▸ **REQUIRED ACTION**: The reply must contain exactly the lines below from the one with "Patient sex: M" down to the one with "Atelectasis, left: 1", both included, and nothing more; please omit the pictures.

═══ THE DATA

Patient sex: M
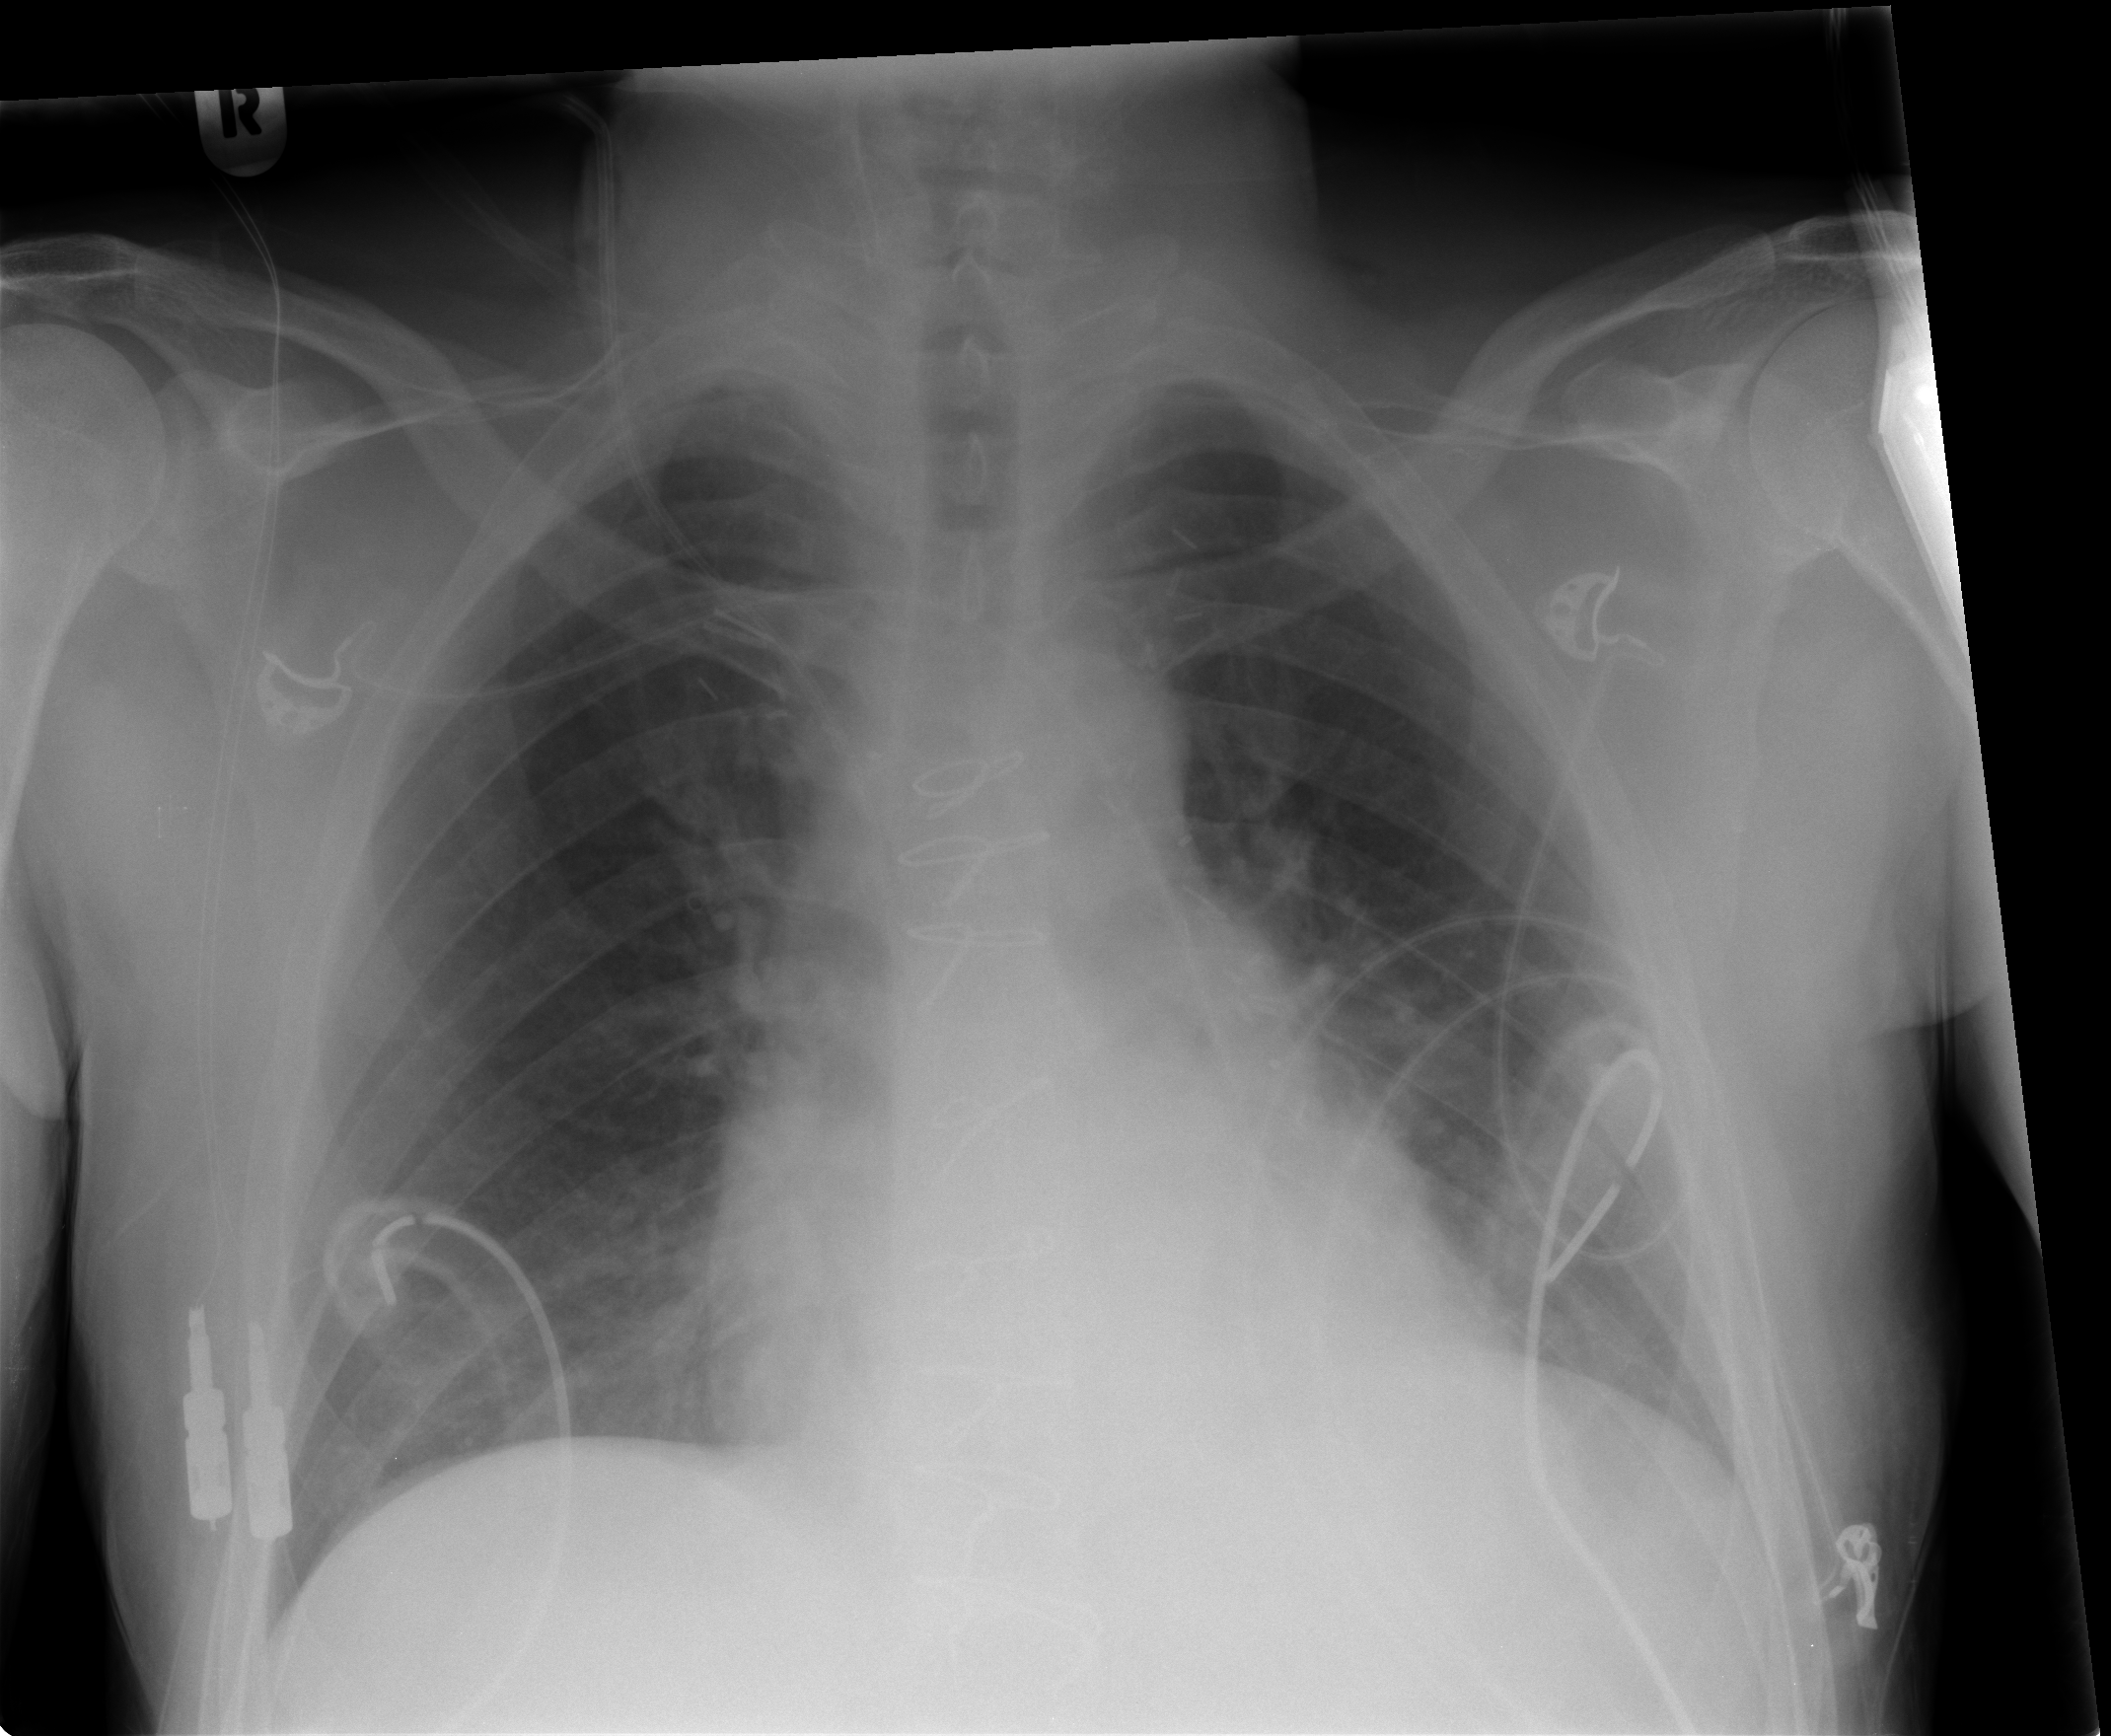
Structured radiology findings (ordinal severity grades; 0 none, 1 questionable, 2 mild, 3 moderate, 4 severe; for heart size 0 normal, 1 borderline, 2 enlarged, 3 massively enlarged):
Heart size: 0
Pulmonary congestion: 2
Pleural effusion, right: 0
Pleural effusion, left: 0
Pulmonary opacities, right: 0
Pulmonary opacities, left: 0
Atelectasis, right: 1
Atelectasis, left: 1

══════
═══ THE DATA

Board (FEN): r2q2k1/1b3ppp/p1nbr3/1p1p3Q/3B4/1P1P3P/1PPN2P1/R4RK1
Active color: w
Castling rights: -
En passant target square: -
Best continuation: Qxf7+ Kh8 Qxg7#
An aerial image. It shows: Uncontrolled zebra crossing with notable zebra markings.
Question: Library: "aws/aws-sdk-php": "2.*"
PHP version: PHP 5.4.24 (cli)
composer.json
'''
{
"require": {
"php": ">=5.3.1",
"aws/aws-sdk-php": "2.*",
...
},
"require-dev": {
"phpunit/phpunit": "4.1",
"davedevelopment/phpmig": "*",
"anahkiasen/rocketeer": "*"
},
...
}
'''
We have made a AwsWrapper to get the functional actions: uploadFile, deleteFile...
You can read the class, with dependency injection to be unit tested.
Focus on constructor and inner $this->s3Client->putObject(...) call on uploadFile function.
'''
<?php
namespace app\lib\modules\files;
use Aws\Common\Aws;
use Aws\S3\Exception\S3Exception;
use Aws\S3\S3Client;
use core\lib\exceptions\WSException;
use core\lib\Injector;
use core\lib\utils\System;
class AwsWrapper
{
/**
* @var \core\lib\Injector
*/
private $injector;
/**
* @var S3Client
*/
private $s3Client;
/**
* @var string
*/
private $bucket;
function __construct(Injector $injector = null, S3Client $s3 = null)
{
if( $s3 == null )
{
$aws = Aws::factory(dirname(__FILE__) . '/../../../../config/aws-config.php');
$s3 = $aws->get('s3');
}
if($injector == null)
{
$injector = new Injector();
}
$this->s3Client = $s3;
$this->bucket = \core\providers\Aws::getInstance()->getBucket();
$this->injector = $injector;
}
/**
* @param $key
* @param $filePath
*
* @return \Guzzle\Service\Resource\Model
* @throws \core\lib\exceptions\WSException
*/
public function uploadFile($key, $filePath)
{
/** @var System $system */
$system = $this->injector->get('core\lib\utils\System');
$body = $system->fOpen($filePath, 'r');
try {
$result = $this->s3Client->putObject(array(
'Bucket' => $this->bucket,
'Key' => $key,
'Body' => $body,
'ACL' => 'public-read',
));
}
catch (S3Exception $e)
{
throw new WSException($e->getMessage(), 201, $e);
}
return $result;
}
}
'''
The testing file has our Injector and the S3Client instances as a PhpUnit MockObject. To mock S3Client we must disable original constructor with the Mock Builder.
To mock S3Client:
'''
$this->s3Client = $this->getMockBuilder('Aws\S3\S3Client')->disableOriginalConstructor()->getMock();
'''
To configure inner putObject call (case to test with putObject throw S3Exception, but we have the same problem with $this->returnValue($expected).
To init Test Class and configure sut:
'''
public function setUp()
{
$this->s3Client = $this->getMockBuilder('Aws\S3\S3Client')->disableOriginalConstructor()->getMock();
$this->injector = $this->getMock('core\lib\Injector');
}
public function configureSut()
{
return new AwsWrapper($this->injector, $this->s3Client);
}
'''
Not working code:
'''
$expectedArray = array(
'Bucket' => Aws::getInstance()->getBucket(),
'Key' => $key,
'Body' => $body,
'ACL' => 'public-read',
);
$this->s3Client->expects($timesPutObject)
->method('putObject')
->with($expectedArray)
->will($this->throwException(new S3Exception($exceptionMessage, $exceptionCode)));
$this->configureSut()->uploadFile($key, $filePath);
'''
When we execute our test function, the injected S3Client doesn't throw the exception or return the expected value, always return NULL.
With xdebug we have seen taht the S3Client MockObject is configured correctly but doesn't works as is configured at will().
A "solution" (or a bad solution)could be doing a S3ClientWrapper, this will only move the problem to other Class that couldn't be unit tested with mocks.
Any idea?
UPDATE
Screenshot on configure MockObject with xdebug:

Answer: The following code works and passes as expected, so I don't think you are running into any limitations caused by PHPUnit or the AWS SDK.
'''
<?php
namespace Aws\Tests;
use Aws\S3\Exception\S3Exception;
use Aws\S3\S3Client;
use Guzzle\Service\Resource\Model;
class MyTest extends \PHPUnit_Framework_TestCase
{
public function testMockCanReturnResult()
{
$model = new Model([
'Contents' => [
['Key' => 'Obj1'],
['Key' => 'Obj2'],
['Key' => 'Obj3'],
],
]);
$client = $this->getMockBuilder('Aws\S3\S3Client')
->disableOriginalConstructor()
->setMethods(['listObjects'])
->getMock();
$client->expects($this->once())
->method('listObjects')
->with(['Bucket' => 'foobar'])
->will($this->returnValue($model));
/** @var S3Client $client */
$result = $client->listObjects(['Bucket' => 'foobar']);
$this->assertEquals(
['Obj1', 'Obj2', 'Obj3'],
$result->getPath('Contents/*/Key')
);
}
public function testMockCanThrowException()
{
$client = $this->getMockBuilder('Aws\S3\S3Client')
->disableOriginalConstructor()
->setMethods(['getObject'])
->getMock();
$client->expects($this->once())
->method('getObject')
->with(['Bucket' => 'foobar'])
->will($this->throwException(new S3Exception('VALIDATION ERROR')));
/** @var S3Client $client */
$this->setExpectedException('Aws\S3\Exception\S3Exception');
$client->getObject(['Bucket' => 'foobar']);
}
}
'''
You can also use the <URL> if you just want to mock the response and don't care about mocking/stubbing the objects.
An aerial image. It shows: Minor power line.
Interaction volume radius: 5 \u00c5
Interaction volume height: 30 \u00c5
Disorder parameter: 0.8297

══════

▸ **EXPECTED OUTPUT**:
Patient sex: M
Structured radiology findings (ordinal severity grades; 0 none, 1 questionable, 2 mild, 3 moderate, 4 severe; for heart size 0 normal, 1 borderline, 2 enlarged, 3 massively enlarged):
Heart size: 0
Pulmonary congestion: 2
Pleural effusion, right: 0
Pleural effusion, left: 0
Pulmonary opacities, right: 0
Pulmonary opacities, left: 0
Atelectasis, right: 1
Atelectasis, left: 1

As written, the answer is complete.